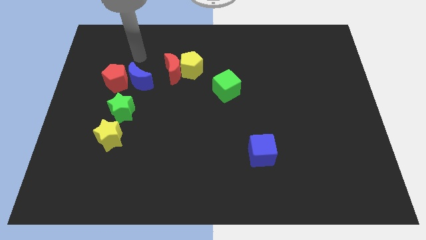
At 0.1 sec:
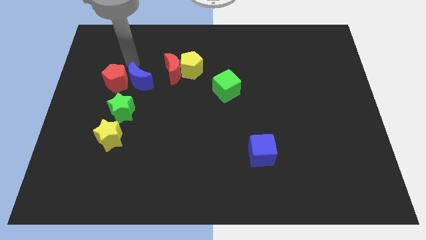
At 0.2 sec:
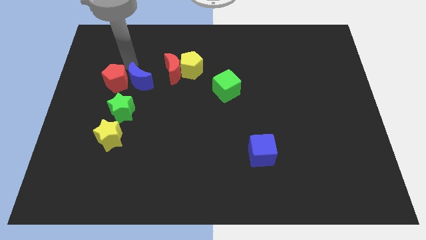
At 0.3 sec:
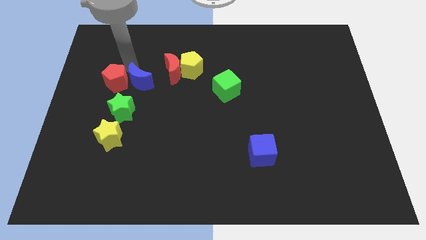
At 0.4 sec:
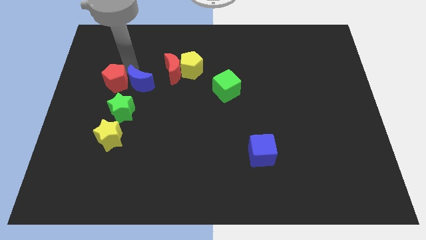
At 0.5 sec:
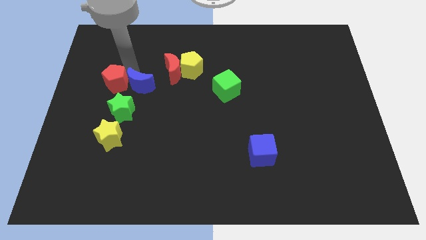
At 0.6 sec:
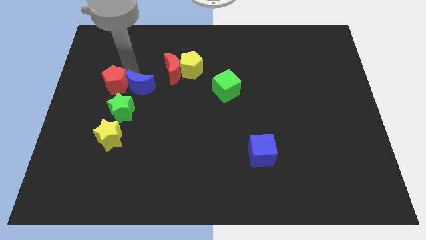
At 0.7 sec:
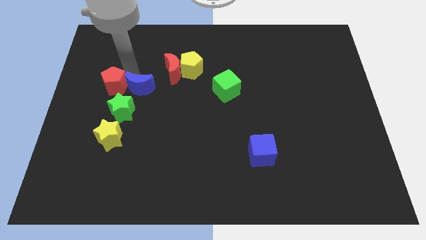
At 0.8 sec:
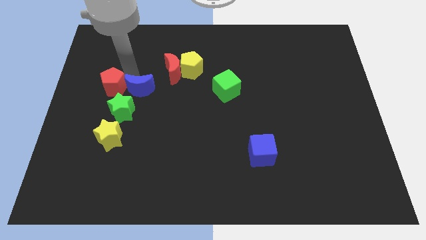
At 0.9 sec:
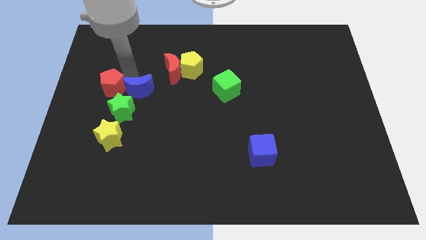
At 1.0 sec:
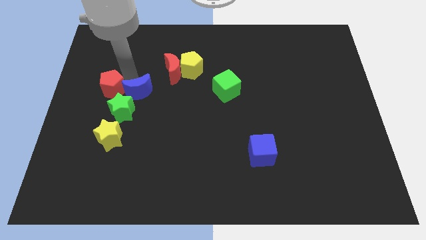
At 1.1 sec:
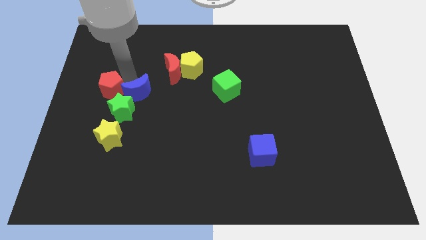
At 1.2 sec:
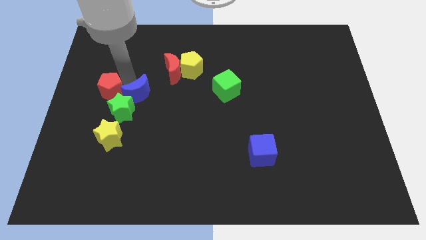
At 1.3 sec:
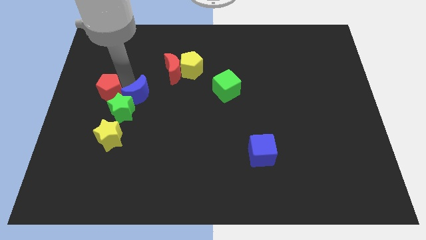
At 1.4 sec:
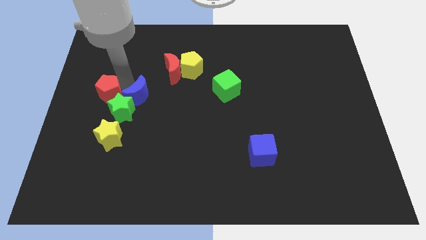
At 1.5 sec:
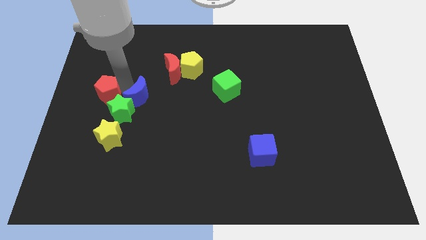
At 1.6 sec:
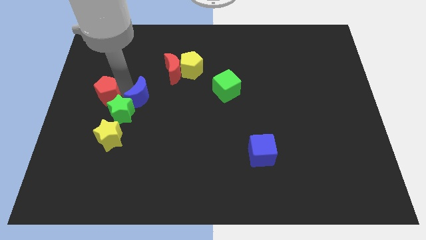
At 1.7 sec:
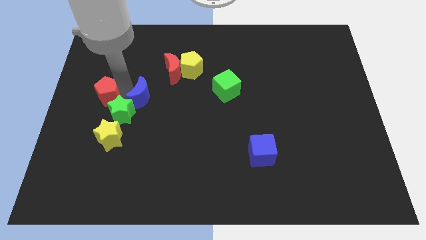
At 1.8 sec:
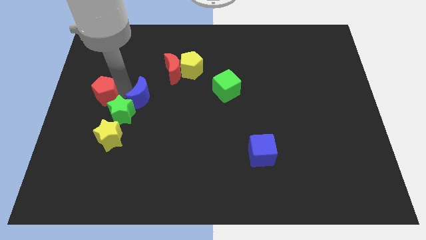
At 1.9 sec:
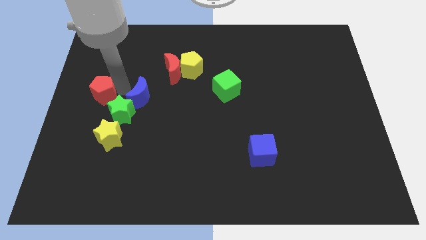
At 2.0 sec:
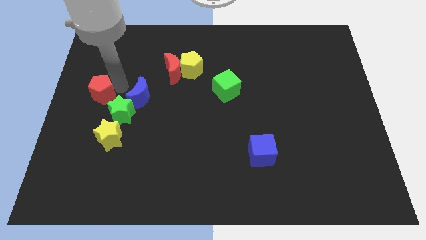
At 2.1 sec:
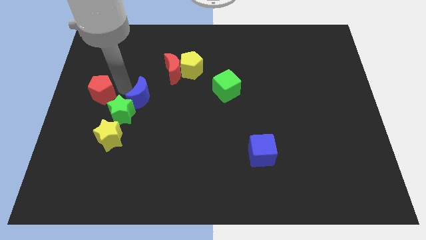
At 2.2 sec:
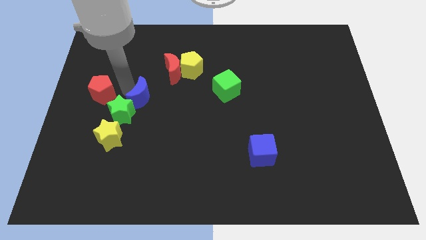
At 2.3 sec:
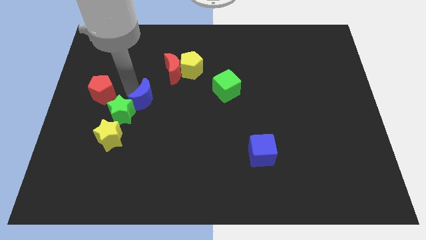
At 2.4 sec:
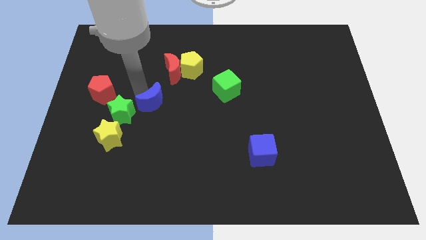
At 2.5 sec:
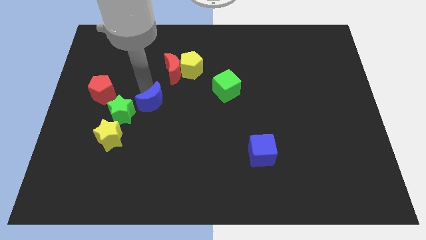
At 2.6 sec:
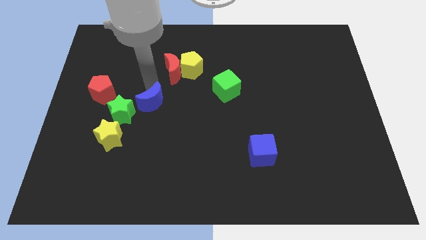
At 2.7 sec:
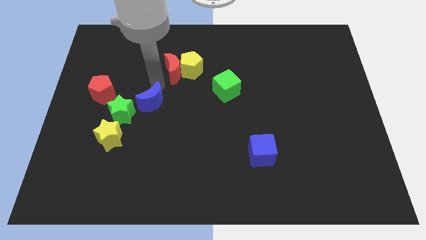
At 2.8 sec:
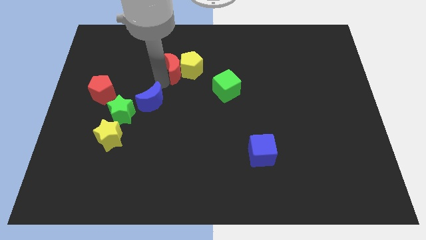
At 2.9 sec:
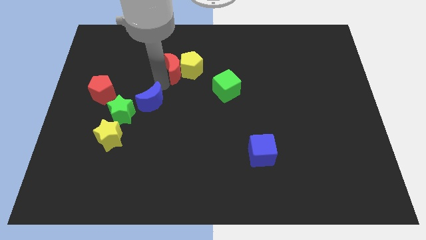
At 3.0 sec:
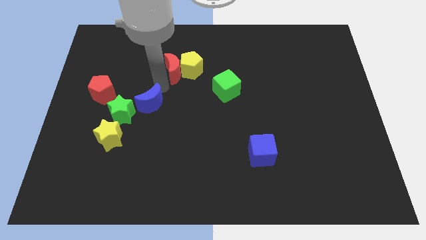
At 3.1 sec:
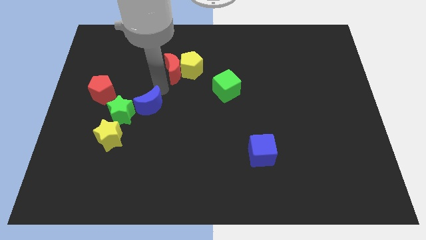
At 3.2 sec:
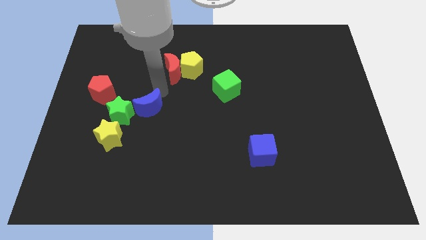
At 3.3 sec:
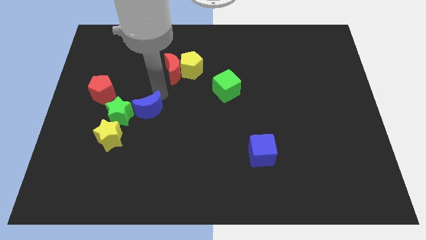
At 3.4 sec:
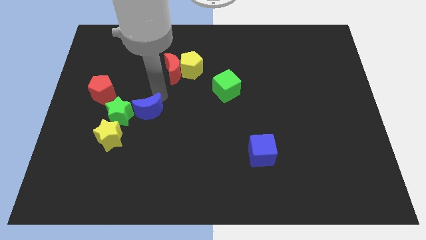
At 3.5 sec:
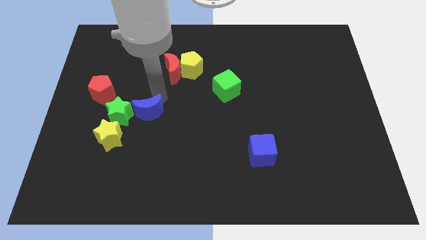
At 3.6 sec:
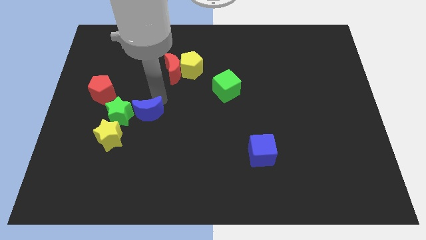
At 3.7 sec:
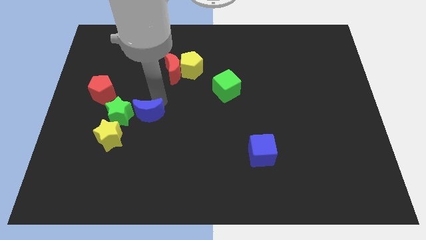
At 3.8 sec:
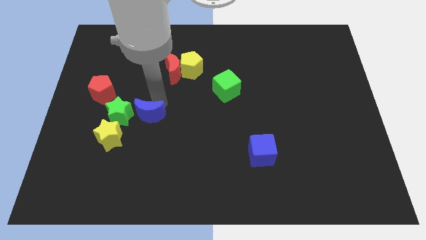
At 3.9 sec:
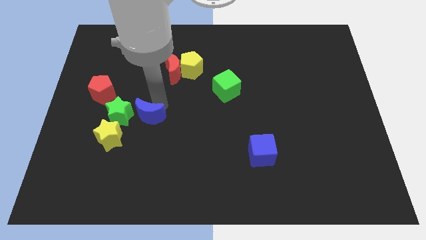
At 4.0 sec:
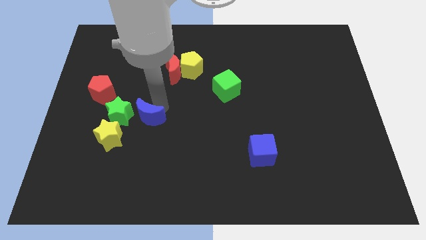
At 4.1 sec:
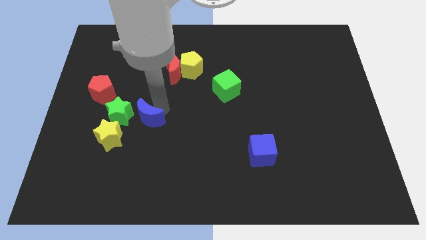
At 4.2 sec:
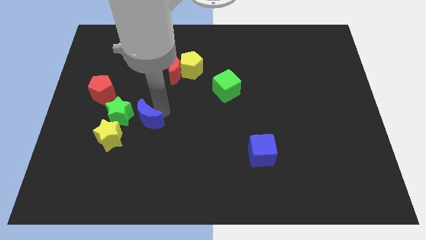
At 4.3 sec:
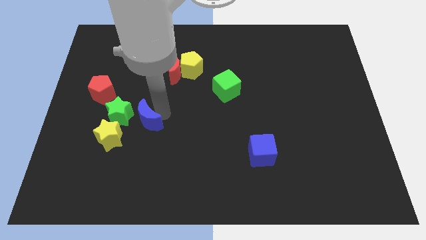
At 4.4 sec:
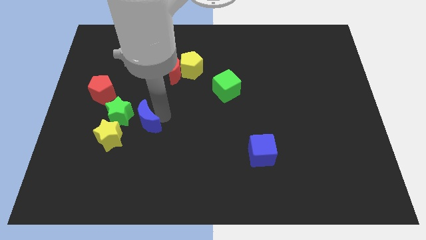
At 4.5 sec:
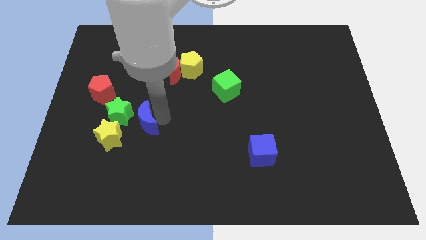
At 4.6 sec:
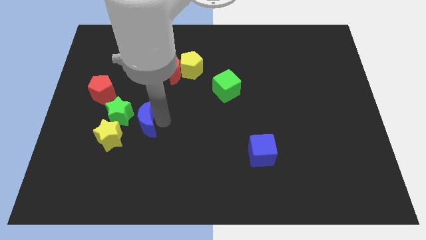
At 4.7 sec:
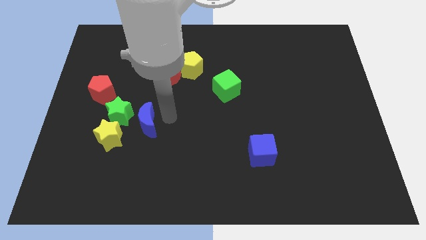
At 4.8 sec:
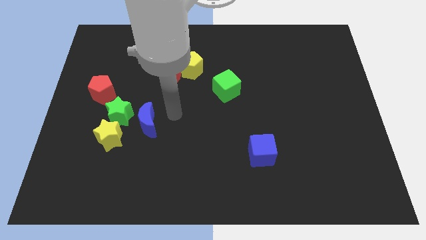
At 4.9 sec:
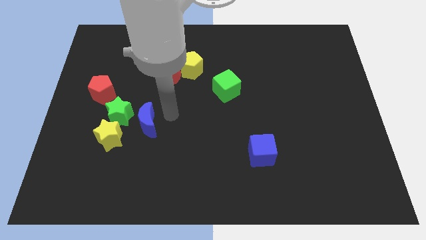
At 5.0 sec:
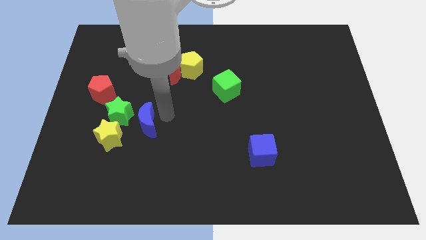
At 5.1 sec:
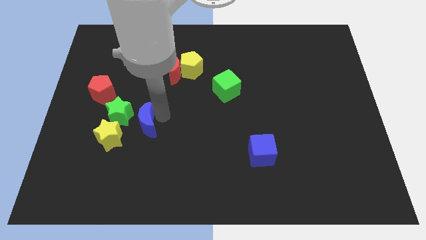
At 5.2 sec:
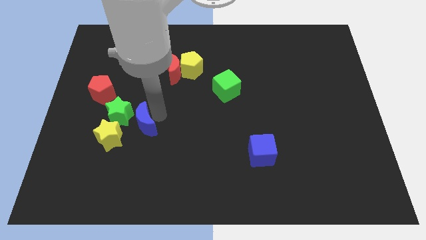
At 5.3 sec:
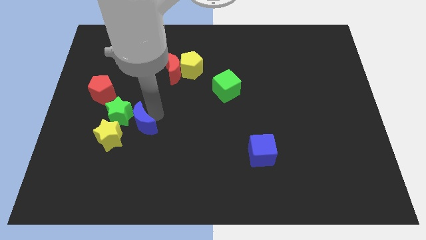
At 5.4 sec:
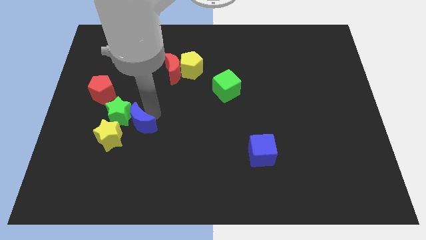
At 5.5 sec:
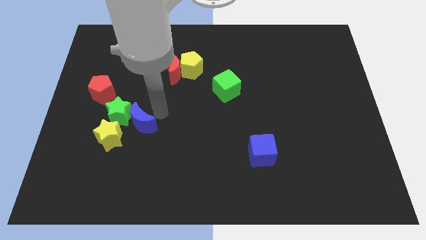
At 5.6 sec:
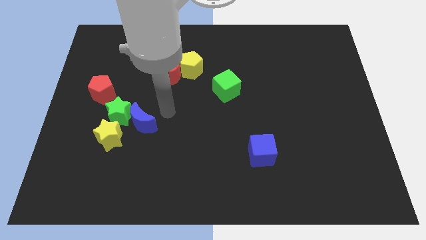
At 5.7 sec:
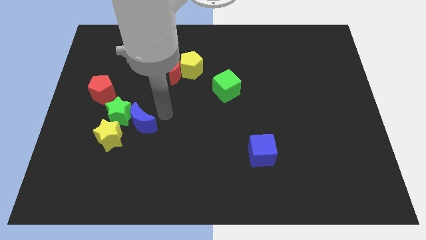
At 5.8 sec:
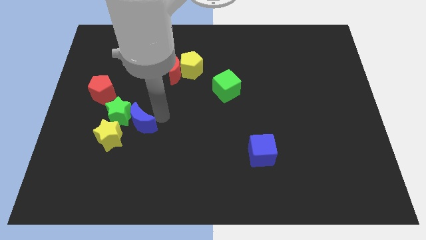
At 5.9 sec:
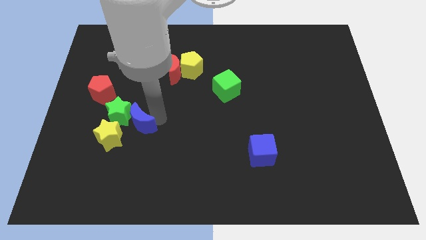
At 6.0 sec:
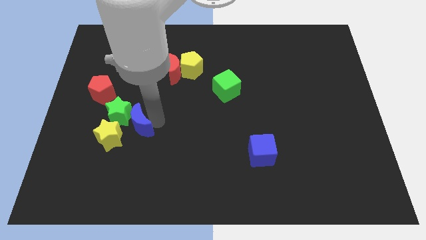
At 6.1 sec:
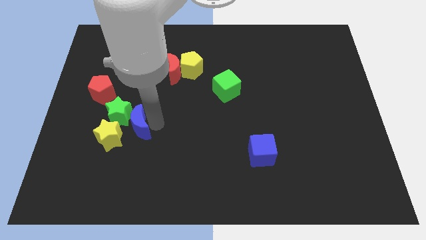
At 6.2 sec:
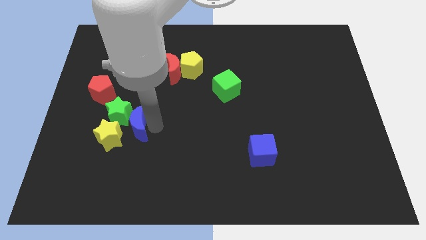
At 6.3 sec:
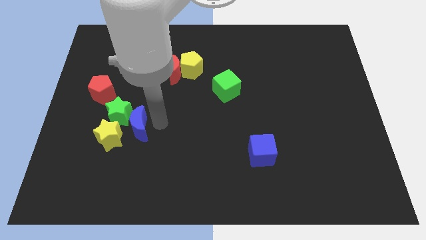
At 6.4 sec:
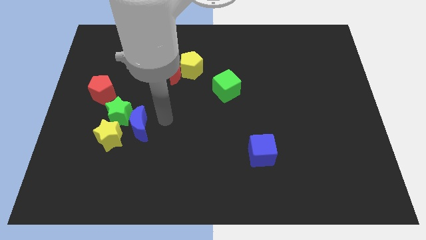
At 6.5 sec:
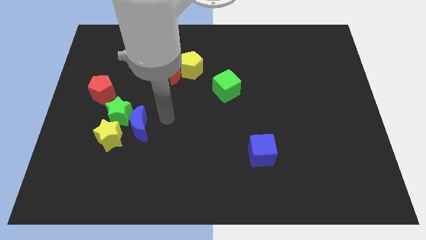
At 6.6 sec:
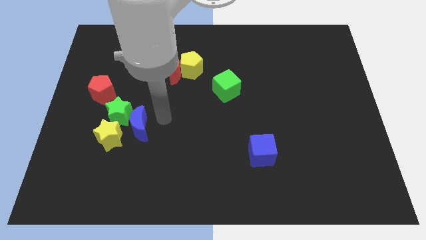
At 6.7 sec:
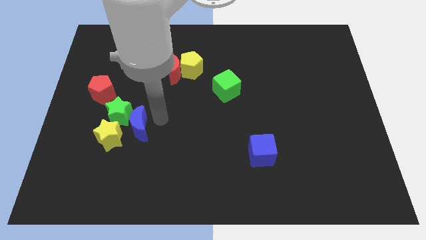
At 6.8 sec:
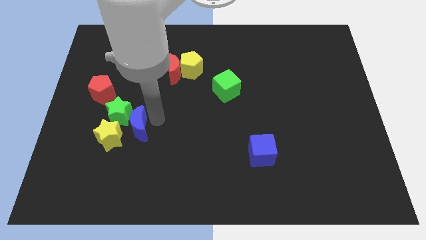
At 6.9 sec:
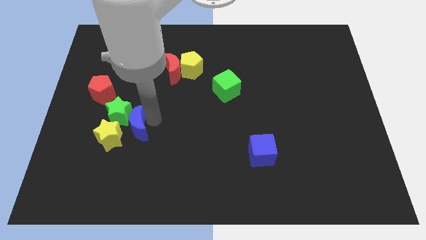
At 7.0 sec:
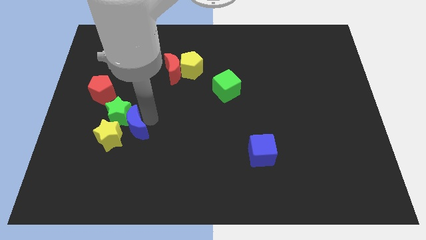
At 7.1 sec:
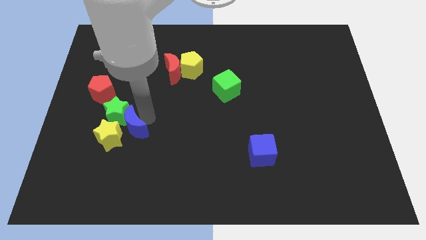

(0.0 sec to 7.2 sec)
move the blue moon to the yellow star

-------------------------

- [What is being asked]
Please produce an exact copy of the listing, omitting the pictures.

- [Exercise answer]
At 0.1 sec:
At 0.2 sec:
At 0.3 sec:
At 0.4 sec:
At 0.5 sec:
At 0.6 sec:
At 0.7 sec:
At 0.8 sec:
At 0.9 sec:
At 1.0 sec:
At 1.1 sec:
At 1.2 sec:
At 1.3 sec:
At 1.4 sec:
At 1.5 sec:
At 1.6 sec:
At 1.7 sec:
At 1.8 sec:
At 1.9 sec:
At 2.0 sec:
At 2.1 sec:
At 2.2 sec:
At 2.3 sec:
At 2.4 sec:
At 2.5 sec:
At 2.6 sec:
At 2.7 sec:
At 2.8 sec:
At 2.9 sec:
At 3.0 sec:
At 3.1 sec:
At 3.2 sec:
At 3.3 sec:
At 3.4 sec:
At 3.5 sec:
At 3.6 sec:
At 3.7 sec:
At 3.8 sec:
At 3.9 sec:
At 4.0 sec:
At 4.1 sec:
At 4.2 sec:
At 4.3 sec:
At 4.4 sec:
At 4.5 sec:
At 4.6 sec:
At 4.7 sec:
At 4.8 sec:
At 4.9 sec:
At 5.0 sec:
At 5.1 sec:
At 5.2 sec:
At 5.3 sec:
At 5.4 sec:
At 5.5 sec:
At 5.6 sec:
At 5.7 sec:
At 5.8 sec:
At 5.9 sec:
At 6.0 sec:
At 6.1 sec:
At 6.2 sec:
At 6.3 sec:
At 6.4 sec:
At 6.5 sec:
At 6.6 sec:
At 6.7 sec:
At 6.8 sec:
At 6.9 sec:
At 7.0 sec:
At 7.1 sec:

(0.0 sec to 7.2 sec)
move the blue moon to the yellow star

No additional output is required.